» WORK REQUIRED:
Everything from the line that contains "The person turns." through the final line of the records should be written out exactly, and nothing outside that span.

» RECORDS SHOWN:
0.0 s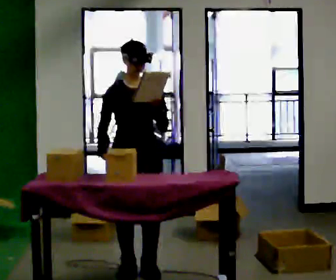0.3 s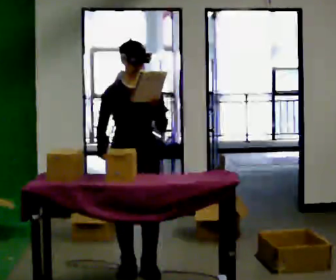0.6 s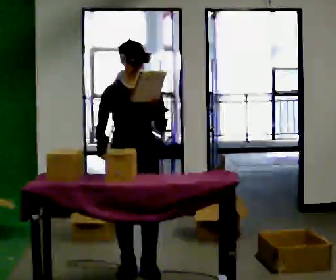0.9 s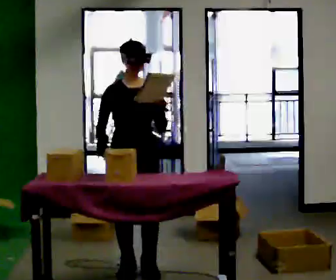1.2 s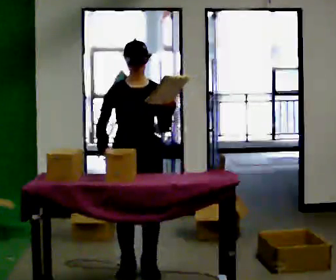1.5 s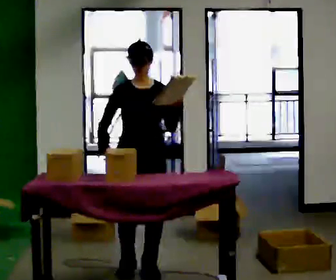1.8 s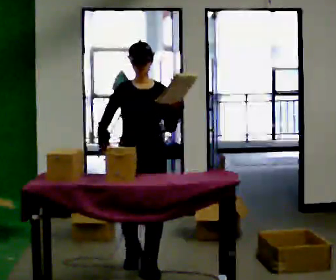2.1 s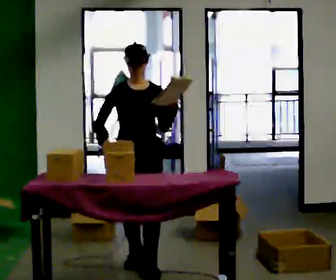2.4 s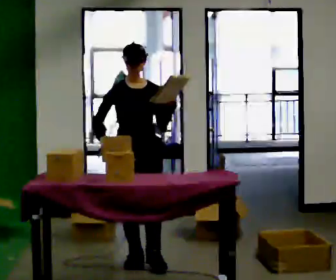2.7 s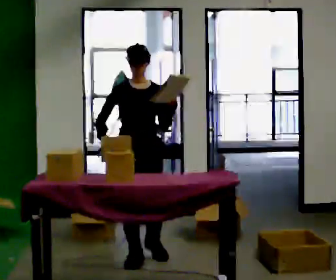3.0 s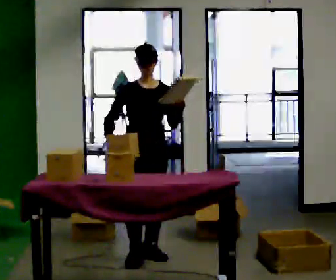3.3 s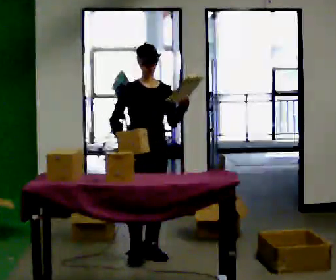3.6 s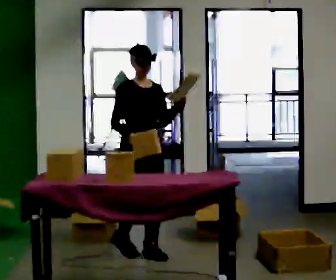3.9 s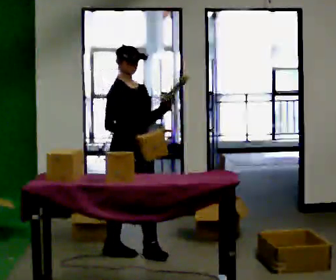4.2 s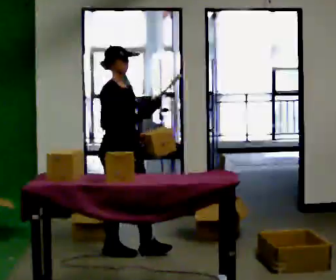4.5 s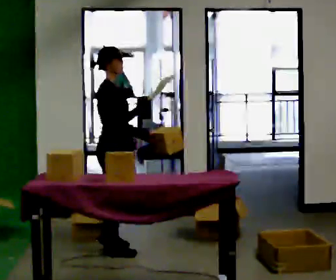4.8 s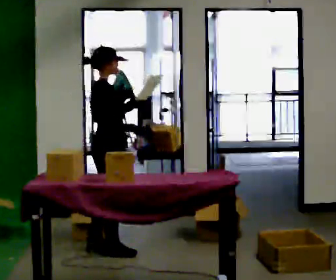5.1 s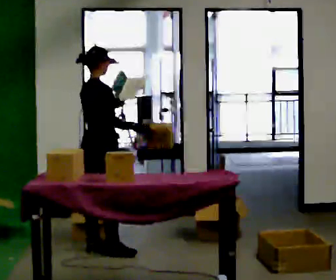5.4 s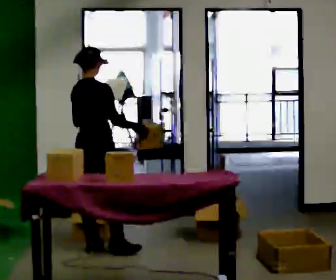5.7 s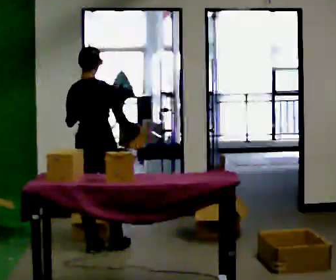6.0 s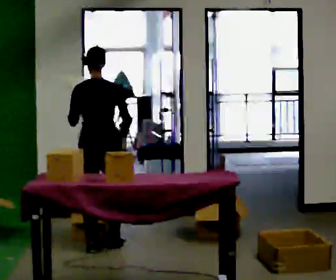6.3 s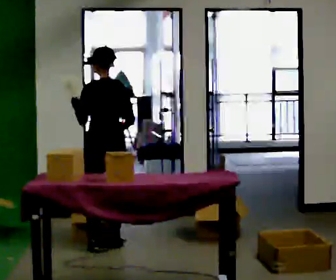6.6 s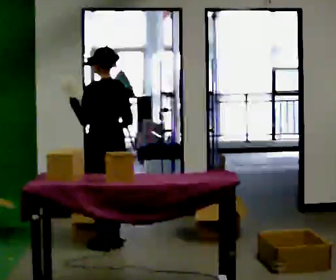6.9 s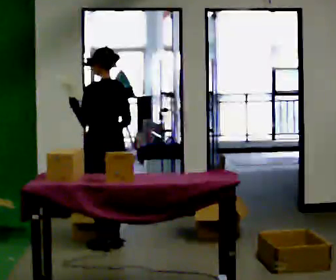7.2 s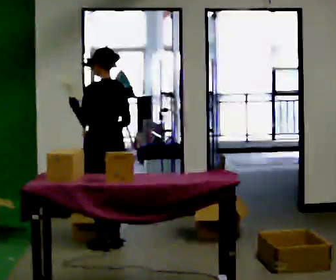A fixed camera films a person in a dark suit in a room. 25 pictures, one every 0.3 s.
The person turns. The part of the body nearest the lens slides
to the right.
The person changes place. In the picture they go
away from the camera.
0.0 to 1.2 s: The person moves a little, or ends about where they began.
1.2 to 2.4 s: In the picture they go away from the camera, about 0.25 m in 2 steps, which for them is backward.
2.4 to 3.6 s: The person turns about 30 degrees to their left, counterclockwise seen from above, so the part of the body nearest the lens slides to the right. In the picture they go away from the camera, about 0.25 m in 1 step, which for them is backward.
3.6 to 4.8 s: The person turns about 75 degrees to their left, counterclockwise seen from above, so the part of the body nearest the lens slides to the right. In the picture they go to the left, about 0.25 m in 1 step.
4.8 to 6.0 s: Seen from above the body turns counterclockwise, about 90 degrees: to their left, with its near side sliding to the right. In the picture they go away from the camera, about 0.25 m in 1 step.
6.0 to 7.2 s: Seen from above the body turns counterclockwise, about 30 degrees: to their left, with its near side sliding to the right.
The film runs backward here.

» COMPLETED EXERCISE:
The person turns. The part of the body nearest the lens slides
to the right.
The person changes place. In the picture they go
away from the camera.
0.0 to 1.2 s: The person moves a little, or ends about where they began.
1.2 to 2.4 s: In the picture they go away from the camera, about 0.25 m in 2 steps, which for them is backward.
2.4 to 3.6 s: The person turns about 30 degrees to their left, counterclockwise seen from above, so the part of the body nearest the lens slides to the right. In the picture they go away from the camera, about 0.25 m in 1 step, which for them is backward.
3.6 to 4.8 s: The person turns about 75 degrees to their left, counterclockwise seen from above, so the part of the body nearest the lens slides to the right. In the picture they go to the left, about 0.25 m in 1 step.
4.8 to 6.0 s: Seen from above the body turns counterclockwise, about 90 degrees: to their left, with its near side sliding to the right. In the picture they go away from the camera, about 0.25 m in 1 step.
6.0 to 7.2 s: Seen from above the body turns counterclockwise, about 30 degrees: to their left, with its near side sliding to the right.
The film runs backward here.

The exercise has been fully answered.